Brief plain language background
Visual information is detected by the retina at the back of the eye, which travels to the brain. This pathway can be affected by multiple disorders and cause severe sight loss. Collectively, they are called retinal diseases.
Early diagnosis and timely treatment have been identified by those affected by retinal disease as key priority areas.
Novel computer-assisted analyses such as artificial intelligence (AI), allows for detailed interrogation of functional data and can be used to improve healthcare.
What problem/knowledge gap does it help address
Diagnosis of retinal disease is aided by measurements of retinal function, such as an electroretinogram (ERG). Interpretation is required by highly specialised clinicians in dedicated centres.
Lack of time available for analysis – or correlations not being visible even if they provide insight – can make it difficult for clinicians to use the data generated by these measurements.
The team previously showed that AI could analyse retinal function in patients with Stargardt disease with comparable accuracy to experts.
Aim of the research project
To refine the piloted AI process to interpret data from an extensive, diverse and representative ERG dataset.
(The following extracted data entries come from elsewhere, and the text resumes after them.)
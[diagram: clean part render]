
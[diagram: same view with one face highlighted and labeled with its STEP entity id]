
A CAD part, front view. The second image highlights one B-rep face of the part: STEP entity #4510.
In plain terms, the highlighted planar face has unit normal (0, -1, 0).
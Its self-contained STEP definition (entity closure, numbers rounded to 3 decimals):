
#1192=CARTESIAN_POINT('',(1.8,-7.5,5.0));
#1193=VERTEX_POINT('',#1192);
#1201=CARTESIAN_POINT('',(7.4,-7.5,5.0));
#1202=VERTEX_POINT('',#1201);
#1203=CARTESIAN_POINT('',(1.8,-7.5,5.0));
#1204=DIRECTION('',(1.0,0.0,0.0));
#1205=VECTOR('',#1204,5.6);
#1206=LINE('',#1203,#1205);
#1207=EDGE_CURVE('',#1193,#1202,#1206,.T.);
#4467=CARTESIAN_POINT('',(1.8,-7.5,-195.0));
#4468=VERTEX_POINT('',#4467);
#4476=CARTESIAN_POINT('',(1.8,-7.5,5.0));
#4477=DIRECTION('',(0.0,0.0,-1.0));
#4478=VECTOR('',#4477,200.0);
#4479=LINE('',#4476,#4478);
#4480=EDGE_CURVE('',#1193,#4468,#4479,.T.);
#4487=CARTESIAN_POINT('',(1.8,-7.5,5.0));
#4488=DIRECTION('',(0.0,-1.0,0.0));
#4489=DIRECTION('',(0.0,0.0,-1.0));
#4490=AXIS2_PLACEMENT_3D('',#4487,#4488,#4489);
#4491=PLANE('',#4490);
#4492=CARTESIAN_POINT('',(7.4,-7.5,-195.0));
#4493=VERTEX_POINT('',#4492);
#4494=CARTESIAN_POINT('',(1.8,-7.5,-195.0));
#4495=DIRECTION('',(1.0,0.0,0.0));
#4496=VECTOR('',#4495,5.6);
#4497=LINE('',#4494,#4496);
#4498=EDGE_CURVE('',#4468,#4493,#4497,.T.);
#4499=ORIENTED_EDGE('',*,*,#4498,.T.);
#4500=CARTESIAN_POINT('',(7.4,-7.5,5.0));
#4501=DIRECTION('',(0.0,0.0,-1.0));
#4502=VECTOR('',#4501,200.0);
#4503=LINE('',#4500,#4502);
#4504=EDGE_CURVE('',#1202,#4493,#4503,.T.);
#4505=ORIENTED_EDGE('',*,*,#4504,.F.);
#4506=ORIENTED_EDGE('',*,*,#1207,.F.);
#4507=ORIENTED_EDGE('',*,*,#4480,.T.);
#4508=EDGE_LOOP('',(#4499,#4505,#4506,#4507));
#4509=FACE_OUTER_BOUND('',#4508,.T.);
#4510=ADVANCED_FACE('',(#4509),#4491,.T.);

Key procedures/Objectives (in laymen terms)
- Develop software to efficiently extract data from the Moorfields Eye Hospital database – over 60,000 ERGs recorded over 20 years from a rich and representative population.
- Refine and enhance the previously developed AI analyses.
- Use the computer-based procedures to interpret and examine the data for information relevant to diagnosis and clinical management.
Potential impact on people with sight loss
The AI tool developed by this project would not replace the doctor, instead enhancing their diagnostic and therapeutic ability. The tool may facilitate interpretation of ERG data outside highly specialised centres, promoting prompt and consistent evaluation and reduced waiting times. Earlier and more precise diagnosis in more patients could enable earlier treatment, potentially increasing its success.